Brucato et al. suggested that betamethasone or dexamethasone of 4 mg daily should be administered to mothers if fetal heart block is incomplete or recent, or if heart block is complicated by myocarditis, heart failure, and hydropic changes [8]. The dexamethasone dose should be tapered and discontinued if no changes are evident within several weeks. In contrast, if the heart block is complete and known to be present for more than 2 weeks, a watchful waiting with serial echocardiography is recommended [8].

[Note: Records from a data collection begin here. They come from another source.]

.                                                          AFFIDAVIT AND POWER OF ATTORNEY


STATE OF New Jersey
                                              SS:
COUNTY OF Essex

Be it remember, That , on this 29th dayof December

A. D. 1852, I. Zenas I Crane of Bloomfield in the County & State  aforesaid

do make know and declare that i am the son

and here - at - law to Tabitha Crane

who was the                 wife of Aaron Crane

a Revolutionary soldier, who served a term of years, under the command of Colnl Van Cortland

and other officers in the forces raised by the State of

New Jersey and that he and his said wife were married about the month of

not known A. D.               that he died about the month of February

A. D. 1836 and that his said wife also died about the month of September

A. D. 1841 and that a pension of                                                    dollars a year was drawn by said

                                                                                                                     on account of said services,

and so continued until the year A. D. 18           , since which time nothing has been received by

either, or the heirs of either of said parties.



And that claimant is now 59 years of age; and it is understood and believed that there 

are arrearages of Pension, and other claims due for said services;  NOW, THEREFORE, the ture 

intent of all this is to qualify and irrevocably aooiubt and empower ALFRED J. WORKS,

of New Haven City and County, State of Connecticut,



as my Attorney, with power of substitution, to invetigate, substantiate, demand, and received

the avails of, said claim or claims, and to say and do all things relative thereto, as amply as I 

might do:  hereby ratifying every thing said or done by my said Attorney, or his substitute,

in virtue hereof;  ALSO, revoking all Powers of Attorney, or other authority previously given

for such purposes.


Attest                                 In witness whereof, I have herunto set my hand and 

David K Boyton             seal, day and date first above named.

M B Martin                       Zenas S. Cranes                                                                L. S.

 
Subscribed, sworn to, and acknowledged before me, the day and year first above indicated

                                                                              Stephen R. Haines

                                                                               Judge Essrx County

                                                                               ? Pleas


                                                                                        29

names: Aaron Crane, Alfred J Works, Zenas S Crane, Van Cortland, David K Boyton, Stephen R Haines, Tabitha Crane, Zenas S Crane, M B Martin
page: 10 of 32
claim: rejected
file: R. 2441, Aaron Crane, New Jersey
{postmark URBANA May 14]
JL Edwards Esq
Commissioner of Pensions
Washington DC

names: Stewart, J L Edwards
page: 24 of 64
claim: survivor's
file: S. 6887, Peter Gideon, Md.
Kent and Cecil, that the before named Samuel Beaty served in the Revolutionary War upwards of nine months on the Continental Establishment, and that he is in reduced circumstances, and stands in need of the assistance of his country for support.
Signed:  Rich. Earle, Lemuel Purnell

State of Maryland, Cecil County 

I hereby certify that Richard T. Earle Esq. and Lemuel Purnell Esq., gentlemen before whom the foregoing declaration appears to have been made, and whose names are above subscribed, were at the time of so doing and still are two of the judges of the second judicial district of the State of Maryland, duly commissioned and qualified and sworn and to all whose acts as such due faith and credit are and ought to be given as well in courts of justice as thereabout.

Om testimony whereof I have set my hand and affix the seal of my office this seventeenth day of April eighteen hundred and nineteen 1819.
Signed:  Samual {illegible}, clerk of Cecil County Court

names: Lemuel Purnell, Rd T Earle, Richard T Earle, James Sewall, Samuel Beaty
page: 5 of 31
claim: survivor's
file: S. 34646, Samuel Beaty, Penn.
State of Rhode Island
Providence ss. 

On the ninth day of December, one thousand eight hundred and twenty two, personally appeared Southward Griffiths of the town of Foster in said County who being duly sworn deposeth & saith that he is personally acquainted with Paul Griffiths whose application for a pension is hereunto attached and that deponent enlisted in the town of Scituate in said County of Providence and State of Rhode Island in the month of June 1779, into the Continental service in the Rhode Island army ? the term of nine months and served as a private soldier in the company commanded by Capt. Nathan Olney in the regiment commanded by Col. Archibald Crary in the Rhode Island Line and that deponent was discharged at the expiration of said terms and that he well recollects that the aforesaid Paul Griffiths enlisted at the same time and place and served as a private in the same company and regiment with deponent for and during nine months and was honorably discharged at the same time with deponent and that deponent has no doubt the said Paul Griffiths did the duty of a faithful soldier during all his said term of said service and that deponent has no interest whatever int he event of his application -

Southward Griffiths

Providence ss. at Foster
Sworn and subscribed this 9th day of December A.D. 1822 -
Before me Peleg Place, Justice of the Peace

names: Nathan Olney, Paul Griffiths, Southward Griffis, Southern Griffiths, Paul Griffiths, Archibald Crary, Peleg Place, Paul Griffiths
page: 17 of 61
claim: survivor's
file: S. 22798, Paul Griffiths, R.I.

IVIG administration has been also proposed to prevent CHB in high-risk pregnancies [61, 62]. The possible mechanisms by which IVIG could prevent the development of CHB include elimination of maternal anti-Ro/SSA and La/SSB autoantibodies through anti-idiotypic antibodies, decreased transplacental transport of pathogenetic autoantibodies, and inhibition of macrophage activation. The value of IVIG at a dose of 400 mg/kg administered at 12, 15, 18, 21, and 24 weeks of high-risk pregnancies was recently addressed by two double-blind studies [63, 64]. Both failed to demonstrate a beneficial effect of IVIG, since CHB developed in 15% [66] of fetuses on one study and 20% of those in another, figures similar to those observed in the control groups. More specific immunotherapies, aimed at providing high-affinity blocking anti-idiotypic antibodies, are worthy of study in this disorder. In both studies the reasons of IVIG treatment failure could be attributed to: i) the chosen dose was low, ii) IVIG might not be effective in preventing transplacental passage of pathogenetic autoantibodies because it contains a small amount of specific anti-idiotypic antibodies with low affinity or iii) other, still undetermined, environmental factors are also involved.

Beta 2 adrenergic agonists such as salbutamol or ritodrine could also be administrated to the mothers in order to increase fetal heart rate and improve ventricular function [8, 65]. For newborns with CHB, the cornerstone of therapy is implantation of a permanent pacemaker [8]. Isopreterenol can be used to control bradycardia. In Table 24.4, the management of CHB proposed by Brucato et al. is shown. In regard to low-risk pregnancies, the administration of hydroxychloroquine is a therapeutic option, since exposure of SLE mothers with anti-Ro/SSA and/or antiLa/SSB antibodies to hydroxychloroquine has been found to decrease the risk of CHB [67].